### What this task involves
Check each line of the entries below for the word "name", and copy out the ones that have it.

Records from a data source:
========================================================================
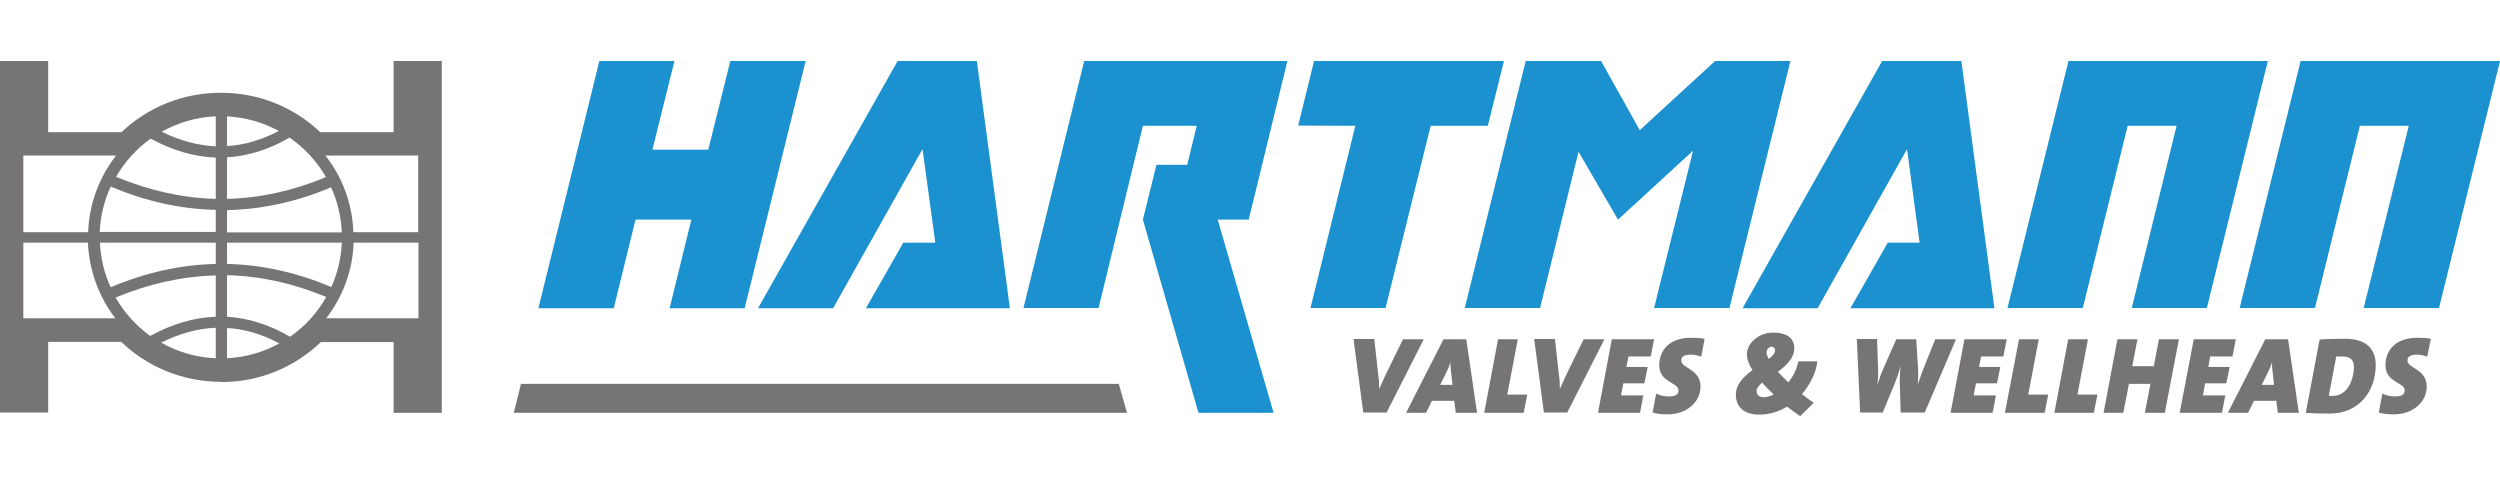 <?xml version="1.0" encoding="UTF-8"?>
<svg id="Layer_2" data-name="Layer 2" xmlns="http://www.w3.org/2000/svg" xmlns:xlink="http://www.w3.org/1999/xlink" viewBox="0 0 97.56 18.83">
  <defs>
    <style>
      .cls-1 {
        fill: none;
      }

      .cls-2 {
        fill: #1b91d0;
      }

      .cls-3 {
        fill: #767474;
      }

      .cls-4 {
        clip-path: url(#clippath);
      }
    </style>
    <clipPath id="clippath">
      <rect class="cls-1" width="97.56" height="18.83"/>
    </clipPath>
  </defs>
  <g id="Layer_1-2" data-name="Layer 1">
    <g>
      <polyline class="cls-2" points="38.12 2.38 39.41 12.03 33.79 12.03 35.25 9.47 36.5 9.47 36 5.82 32.51 12.03 29.58 12.03 35.03 2.38"/>
      <polyline class="cls-2" points="48.73 8.57 47.52 8.57 49.7 16.11 46.77 16.11 44.6 8.57 45.13 6.43 46.33 6.43 46.7 4.91 44.6 4.91 42.87 12.02 39.94 12.02 42.31 2.38 42.32 2.38 50.24 2.38"/>
      <polyline class="cls-2" points="51.28 2.38 50.66 4.9 52.89 4.91 51.14 12.02 54.07 12.02 55.83 4.91 58.06 4.91 58.69 2.38"/>
      <polyline class="cls-2" points="62.48 2.38 59.54 2.38 57.16 12.02 60.1 12.02 61.6 5.92 63.14 8.57 66.07 5.88 64.55 12.02 67.49 12.02 69.87 2.38 66.93 2.38 63.99 5.08"/>
      <polyline class="cls-2" points="86.12 12.02 83.19 12.02 84.94 4.91 83.03 4.91 81.28 12.02 78.34 12.02 80.72 2.38 88.5 2.38"/>
      <polyline class="cls-2" points="89.78 2.38 87.4 12.02 90.34 12.02 92.09 4.91 94 4.91 92.24 12.02 95.18 12.02 97.56 2.38"/>
      <polyline class="cls-2" points="26.32 2.38 25.46 5.84 27.64 5.84 28.5 2.38 31.44 2.38 29.06 12.03 26.13 12.03 26.98 8.57 24.8 8.57 23.95 12.03 21.01 12.03 23.39 2.38"/>
      <polyline class="cls-2" points="76.54 2.38 77.83 12.03 72.21 12.03 73.67 9.47 74.91 9.47 74.42 5.82 70.93 12.03 68 12.03 73.45 2.38"/>
      <g class="cls-4">
        <path class="cls-3" d="M55.56,13.24h-.81l-.68,1.39c-.08.18-.17.37-.25.55h0c0-.16,0-.36-.03-.51l-.16-1.44h-.81l.38,2.87h.91"/>
        <path class="cls-3" d="M57.64,16.11l-.42-2.87h-.89l-1.46,2.87h.78l.23-.47h.87l.06.47M56.69,15.02h-.49l.23-.46c.07-.14.13-.28.17-.41h0c0,.13.01.26.03.4l.05.46Z"/>
        <polyline class="cls-3" points="59.6 15.4 58.82 15.4 59.23 13.24 58.46 13.24 57.92 16.11 59.46 16.11"/>
        <path class="cls-3" d="M62.61,13.24h-.81l-.68,1.39c-.08.18-.17.37-.25.55h0c0-.16,0-.36-.03-.51l-.16-1.44h-.81l.38,2.87h.91"/>
        <polyline class="cls-3" points="64.55 13.24 62.9 13.24 62.36 16.11 64 16.11 64.13 15.43 63.26 15.43 63.35 14.96 64.17 14.96 64.3 14.32 63.47 14.32 63.55 13.91 64.42 13.91"/>
        <path class="cls-3" d="M66.52,13.22c-.16-.03-.34-.04-.53-.04-.84,0-1.24.49-1.24,1.07,0,.68.75.67.75.98,0,.17-.12.24-.38.24-.17,0-.33-.03-.49-.11l-.14.74c.16.05.36.07.59.07.75,0,1.28-.49,1.28-1.08,0-.7-.75-.71-.75-1.02,0-.14.09-.23.37-.23.13,0,.28.03.41.08"/>
        <path class="cls-3" d="M70.93,14.1h-.75c-.05.26-.18.56-.39.82-.16-.15-.29-.28-.41-.41.35-.26.64-.55.64-.91,0-.38-.25-.62-.83-.62s-1.02.43-1.02.85c0,.21.12.47.22.61-.31.23-.65.54-.65.96,0,.45.28.78.92.78.43,0,.79-.14,1.08-.31.16.12.33.25.51.37l.53-.52c-.18-.12-.34-.24-.46-.34.3-.35.55-.82.6-1.27M69.27,13.68c0,.13-.13.23-.25.33-.04-.08-.08-.18-.08-.26,0-.13.11-.22.19-.22.09,0,.14.06.14.14M69.21,15.4c-.13.06-.26.1-.39.1-.18,0-.27-.1-.27-.25,0-.1.08-.2.22-.32.1.13.26.29.44.46"/>
        <path class="cls-3" d="M76.33,13.24h-.81l-.44,1.1c-.08.2-.16.42-.24.67h0c.02-.24.02-.47.01-.63l-.07-1.14h-.78l-.52,1.18c-.09.2-.15.4-.22.61h0c.03-.22.04-.44.03-.63l-.04-1.17h-.79l.13,2.87h.88l.46-1.11c.09-.22.17-.45.24-.7h0c-.03.27-.04.52-.03.73l.03,1.08h.94"/>
        <polyline class="cls-3" points="78.31 13.24 76.66 13.24 76.12 16.11 77.76 16.11 77.89 15.43 77.02 15.43 77.11 14.96 77.93 14.96 78.06 14.32 77.23 14.32 77.31 13.91 78.18 13.91"/>
        <polyline class="cls-3" points="79.93 15.4 79.15 15.4 79.56 13.24 78.79 13.24 78.24 16.11 79.79 16.11"/>
        <polyline class="cls-3" points="81.85 15.4 81.07 15.4 81.48 13.24 80.71 13.24 80.17 16.11 81.71 16.11"/>
        <polyline class="cls-3" points="85.03 13.24 84.25 13.24 84.05 14.29 83.21 14.29 83.41 13.24 82.63 13.24 82.09 16.11 82.86 16.11 83.08 14.98 83.92 14.98 83.7 16.11 84.48 16.11"/>
        <polyline class="cls-3" points="87.25 13.24 85.61 13.24 85.06 16.11 86.71 16.11 86.84 15.43 85.97 15.43 86.05 14.96 86.88 14.96 87.01 14.32 86.18 14.32 86.25 13.91 87.12 13.91"/>
        <path class="cls-3" d="M89.71,16.11l-.42-2.87h-.89l-1.46,2.87h.79l.23-.47h.87l.06.47M88.75,15.02h-.49l.23-.46c.07-.14.13-.28.17-.41h0c0,.13.01.26.03.4l.05.46Z"/>
        <path class="cls-3" d="M92.71,14.25c0-.74-.49-1.03-1.19-1.03-.37,0-.78.01-1,.03l-.54,2.86c.28.02.57.03.93.03,1.17,0,1.8-.9,1.8-1.88M91.86,14.33c0,.36-.18,1.12-.84,1.12-.06,0-.11,0-.14-.01l.29-1.53c.06,0,.11,0,.23,0,.34,0,.46.15.46.43"/>
        <path class="cls-3" d="M94.86,13.22c-.16-.03-.34-.04-.53-.04-.84,0-1.24.49-1.24,1.07,0,.68.75.67.75.98,0,.17-.12.24-.38.24-.17,0-.33-.03-.49-.11l-.14.74c.16.05.37.07.59.07.75,0,1.28-.49,1.28-1.08,0-.7-.75-.71-.75-1.02,0-.14.09-.23.37-.23.13,0,.28.03.4.08"/>
        <polygon class="cls-3" points="20.33 14.98 43.66 14.98 43.98 16.11 20.05 16.11 20.33 14.98"/>
        <path class="cls-3" d="M12.7,6.07c.65.83,1.05,1.86,1.09,2.99h2.53v-2.99M13.8,9.47c-.04,1.11-.43,2.12-1.07,2.95h3.6s0-2.95,0-2.95h-2.53ZM4.5,12.42c-.63-.82-1.02-1.84-1.07-2.95H.91v2.95h3.6ZM3.44,9.06c.04-1.12.44-2.16,1.09-2.99H.91v2.99h2.53ZM8.63,14.9c-1.51,0-2.89-.59-3.9-1.56H1.88v2.76H0V2.38h1.88v2.78h2.86c1.01-.96,2.37-1.54,3.88-1.54s2.87.58,3.88,1.54h2.86v-2.78h1.88v13.73h-1.88v-2.76h-2.84c-1.01.97-2.38,1.56-3.89,1.56M8.42,5.71v-1.17c-.77.03-1.48.25-2.11.6.71.35,1.42.54,2.11.57M8.42,7.76v-1.61c-.84-.03-1.69-.28-2.54-.74-.55.39-1.01.9-1.35,1.49,1.3.54,2.6.83,3.89.86M8.42,9.06v-.87c-1.37-.03-2.73-.33-4.1-.91-.25.54-.4,1.14-.43,1.77h4.52ZM8.42,10.3v-.83H3.9c.03.62.17,1.21.42,1.74,1.37-.58,2.74-.88,4.11-.91M8.42,12.36v-1.61c-1.3.03-2.6.32-3.91.86.34.59.8,1.1,1.35,1.5.86-.47,1.71-.72,2.56-.75M8.42,13.98v-1.19c-.7.03-1.41.22-2.13.58.63.36,1.36.58,2.13.61M8.86,12.8v1.18c.74-.04,1.43-.24,2.04-.58-.67-.36-1.35-.56-2.04-.6M8.86,10.74v1.62c.83.05,1.65.31,2.46.78.58-.4,1.06-.93,1.41-1.55-1.29-.54-2.58-.82-3.87-.85M8.86,9.47v.83c1.36.03,2.71.33,4.07.9.24-.53.38-1.11.41-1.73h-4.48ZM8.86,8.2v.87h4.48c-.03-.62-.17-1.22-.42-1.76-1.35.57-2.71.86-4.06.89M8.86,6.14v1.62c1.29-.03,2.57-.31,3.86-.85-.35-.61-.84-1.14-1.42-1.54-.81.47-1.62.72-2.44.77M8.86,4.54v1.16c.68-.04,1.35-.24,2.02-.59-.61-.33-1.29-.53-2.02-.57"/>
      </g>
    </g>
  </g>
</svg>
========================================================================
### Task result
<svg id="Layer_2" data-name="Layer 2" xmlns="http://www.w3.org/2000/svg" xmlns:xlink="http://www.w3.org/1999/xlink" viewBox="0 0 97.56 18.83">
  <g id="Layer_1-2" data-name="Layer 1">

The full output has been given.